**What the task requires:** Print the data that follows exactly, leaving nothing out.

**Provided records:**
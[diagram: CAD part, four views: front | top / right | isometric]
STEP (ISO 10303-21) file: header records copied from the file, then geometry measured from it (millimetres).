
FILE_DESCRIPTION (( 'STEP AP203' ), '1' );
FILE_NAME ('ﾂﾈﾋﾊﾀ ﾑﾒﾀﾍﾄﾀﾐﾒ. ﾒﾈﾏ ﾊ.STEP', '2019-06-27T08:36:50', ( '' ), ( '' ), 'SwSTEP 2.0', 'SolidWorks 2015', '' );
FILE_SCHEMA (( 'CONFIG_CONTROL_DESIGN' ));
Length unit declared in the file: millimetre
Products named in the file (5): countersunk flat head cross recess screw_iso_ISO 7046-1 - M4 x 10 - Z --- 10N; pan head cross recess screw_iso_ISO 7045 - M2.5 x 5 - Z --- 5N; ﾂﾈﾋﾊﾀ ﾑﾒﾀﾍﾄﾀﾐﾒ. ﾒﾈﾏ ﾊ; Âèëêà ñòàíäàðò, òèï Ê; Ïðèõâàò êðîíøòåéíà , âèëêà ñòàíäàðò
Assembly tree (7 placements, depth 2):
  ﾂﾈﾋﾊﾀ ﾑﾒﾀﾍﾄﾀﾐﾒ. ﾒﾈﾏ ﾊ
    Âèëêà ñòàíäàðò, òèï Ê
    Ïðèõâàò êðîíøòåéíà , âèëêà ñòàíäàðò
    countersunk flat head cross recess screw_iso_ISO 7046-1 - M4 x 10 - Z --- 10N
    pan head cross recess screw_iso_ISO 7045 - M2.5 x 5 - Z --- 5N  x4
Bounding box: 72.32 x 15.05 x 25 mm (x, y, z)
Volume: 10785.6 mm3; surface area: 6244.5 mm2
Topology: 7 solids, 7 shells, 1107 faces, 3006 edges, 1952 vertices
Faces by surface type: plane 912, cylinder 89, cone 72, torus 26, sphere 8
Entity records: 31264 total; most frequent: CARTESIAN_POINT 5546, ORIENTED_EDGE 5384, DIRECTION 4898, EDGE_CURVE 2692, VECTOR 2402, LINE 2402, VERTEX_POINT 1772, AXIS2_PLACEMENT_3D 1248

**Response area:**
[diagram: CAD part, four views: front | top / right | isometric]
STEP (ISO 10303-21) file: header records copied from the file, then geometry measured from it (millimetres).
FILE_DESCRIPTION (( 'STEP AP203' ), '1' );
FILE_NAME ('ﾂﾈﾋﾊﾀ ﾑﾒﾀﾍﾄﾀﾐﾒ. ﾒﾈﾏ ﾊ.STEP', '2019-06-27T08:36:50', ( '' ), ( '' ), 'SwSTEP 2.0', 'SolidWorks 2015', '' );
FILE_SCHEMA (( 'CONFIG_CONTROL_DESIGN' ));
Length unit declared in the file: millimetre
Products named in the file (5): countersunk flat head cross recess screw_iso_ISO 7046-1 - M4 x 10 - Z --- 10N; pan head cross recess screw_iso_ISO 7045 - M2.5 x 5 - Z --- 5N; ﾂﾈﾋﾊﾀ ﾑﾒﾀﾍﾄﾀﾐﾒ. ﾒﾈﾏ ﾊ; Âèëêà ñòàíäàðò, òèï Ê; Ïðèõâàò êðîíøòåéíà , âèëêà ñòàíäàðò
Assembly tree (7 placements, depth 2):
  ﾂﾈﾋﾊﾀ ﾑﾒﾀﾍﾄﾀﾐﾒ. ﾒﾈﾏ ﾊ
    Âèëêà ñòàíäàðò, òèï Ê
    Ïðèõâàò êðîíøòåéíà , âèëêà ñòàíäàðò
    countersunk flat head cross recess screw_iso_ISO 7046-1 - M4 x 10 - Z --- 10N
    pan head cross recess screw_iso_ISO 7045 - M2.5 x 5 - Z --- 5N  x4
Bounding box: 72.32 x 15.05 x 25 mm (x, y, z)
Volume: 10785.6 mm3; surface area: 6244.5 mm2
Topology: 7 solids, 7 shells, 1107 faces, 3006 edges, 1952 vertices
Faces by surface type: plane 912, cylinder 89, cone 72, torus 26, sphere 8
Entity records: 31264 total; most frequent: CARTESIAN_POINT 5546, ORIENTED_EDGE 5384, DIRECTION 4898, EDGE_CURVE 2692, VECTOR 2402, LINE 2402, VERTEX_POINT 1772, AXIS2_PLACEMENT_3D 1248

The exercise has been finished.